Elevated addition

Thanks all. Oh yeah, we are making sure contractor pulls all required permits. "Bigfoot" footings are to be below the frostline (min 4 ft), and the insulation in ceiling, floor and walls meets or exceeds the EnergyStar guidelines for my zone. That business Enginerd mentioned about uplift in strong winds, well that's one I'll have to ask about for sure! Might have to box in underneath.



If you go to the Bigfoot website, they have some test data for uplift. So, depending on the number of posts and the sizes, the design might be ok, or it could be a simple change such as an extra post or a larger Bigfoot.
 
Thanks all. Oh yeah, we are making sure contractor pulls all required permits. "Bigfoot" footings are to be below the frostline (min 4 ft), and the insulation in ceiling, floor and walls meets or exceeds the EnergyStar guidelines for my zone. That business Enginerd mentioned about uplift in strong winds, well that's one I'll have to ask about for sure! Might have to box in underneath.

In addition boxing in the underarea would increase the temp under the room at least a little bit, as it would be then more like a crawl space, thus making the heating requirements for the room above a bit less (at least no wind to take heat away from the outside of the insulation, unless you were planning to put sheathing on the bottom of the joists after insulating.
 
Did you get the good insulation and adequate ductwork, and did it work, or did you wind up thinking it was a mistake to build it in the first place?

The insulation of the room addition is better than that of the existing structure. Else, the temperature swing would be a lot worse. The central heat pump is a 5-ton unit, and should be able to handle the 400-sq.ft. addition. The problem is the airflow to the area is too weak due to its distance from the air handler.

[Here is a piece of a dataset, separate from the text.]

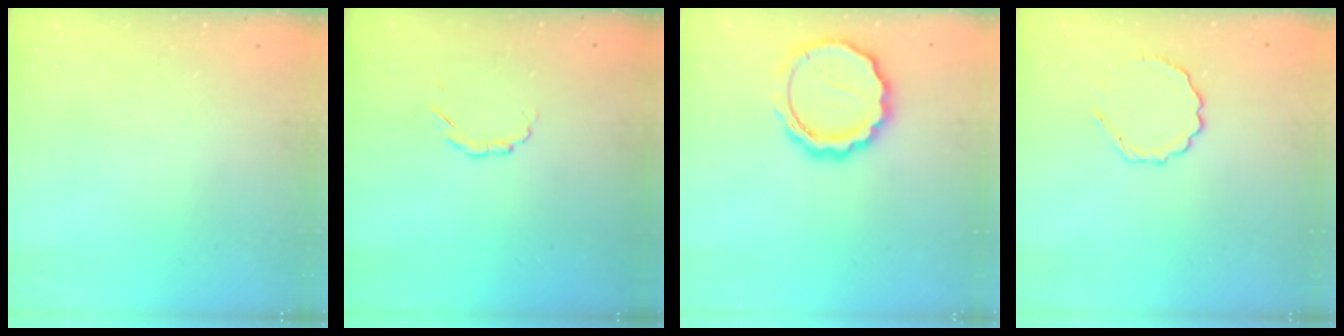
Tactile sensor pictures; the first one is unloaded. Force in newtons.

For expedience, we solve the problem with a supplemental portable electric heater when needed. Thought to myself that the airflow could be enhanced with a inline duct blower, but I still have not added it after 25 years. :)

By the way, the contractor used engineered I-joists rather than the typical 2x12 joists (the addition is 14' x 28'). See photo. The floor feels solid, and superior to that of the existing structure. The joists span the 14' width. One 28' side is supported by the existing wall. The other 28' side is supported by a long laminated beam resting on 3 posts. The posts are resting on concrete footings built to the local code. The walls are built with 2x6. The roof is tiled to match the existing structure.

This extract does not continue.